§ What you have to do
Write each line out exactly, from the one containing "(00:00:01.400)" through the final line of the data, and keep pictures out of the copy.

::::

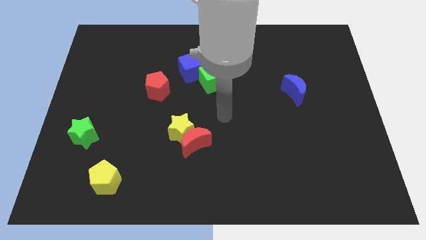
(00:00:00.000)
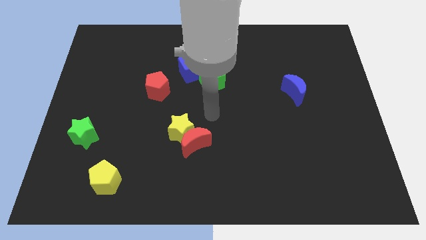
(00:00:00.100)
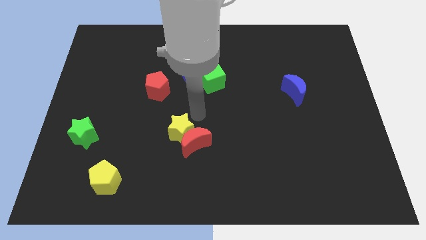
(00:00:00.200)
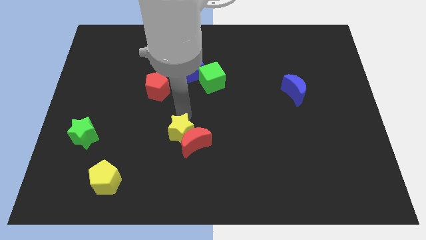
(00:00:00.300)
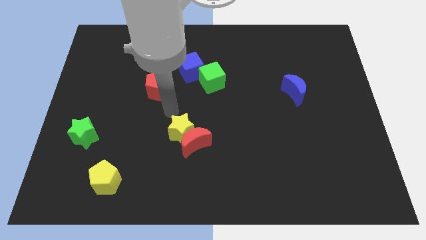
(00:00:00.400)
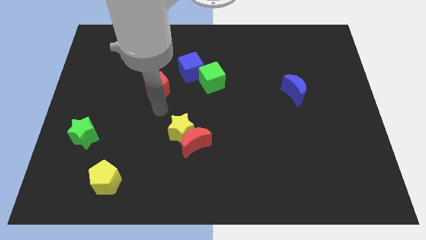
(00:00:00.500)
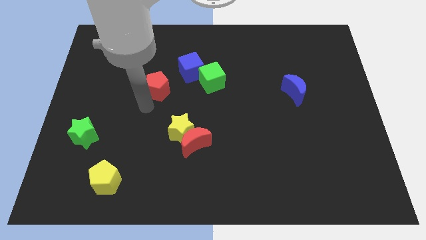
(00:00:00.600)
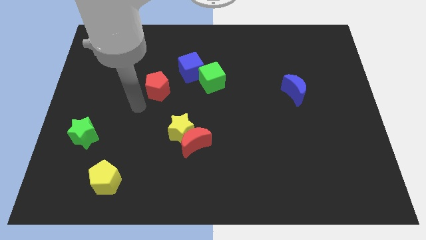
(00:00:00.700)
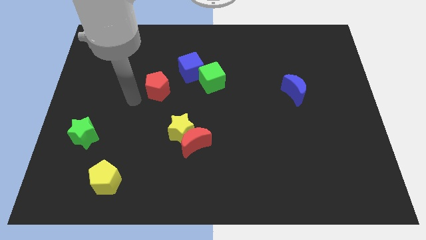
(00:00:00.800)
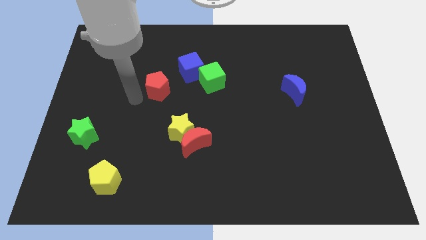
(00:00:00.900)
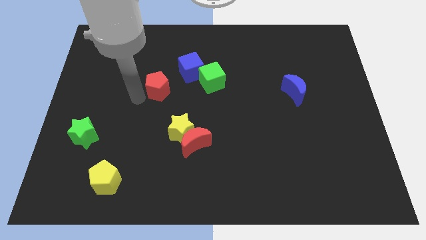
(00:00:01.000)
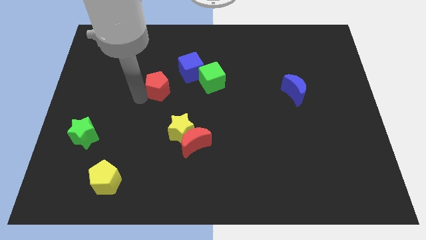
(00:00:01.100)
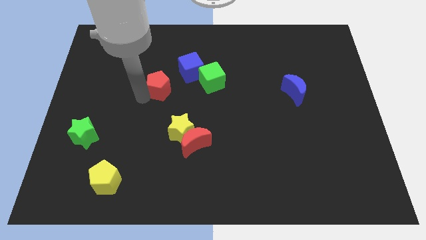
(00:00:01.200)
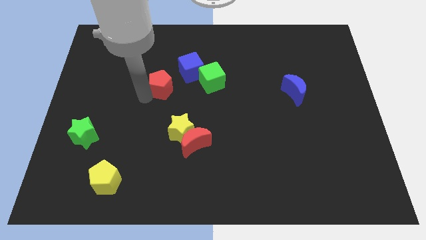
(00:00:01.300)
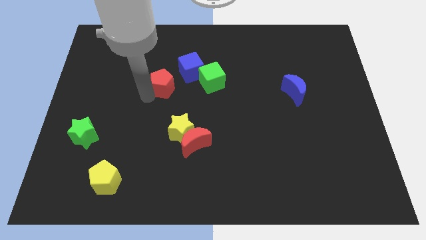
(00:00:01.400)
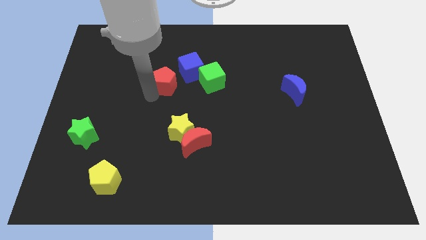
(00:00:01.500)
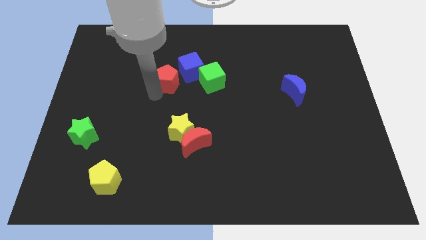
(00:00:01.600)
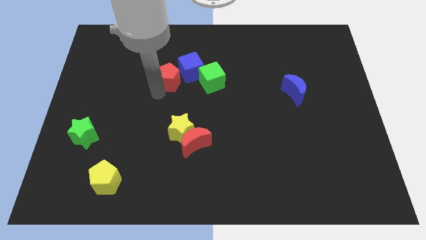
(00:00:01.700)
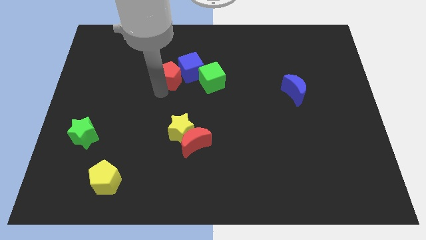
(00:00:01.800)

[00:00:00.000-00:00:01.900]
slide the red pentagon towards the blue cube

::::

§ Task result
(00:00:01.400)
(00:00:01.500)
(00:00:01.600)
(00:00:01.700)
(00:00:01.800)

[00:00:00.000-00:00:01.900]
slide the red pentagon towards the blue cube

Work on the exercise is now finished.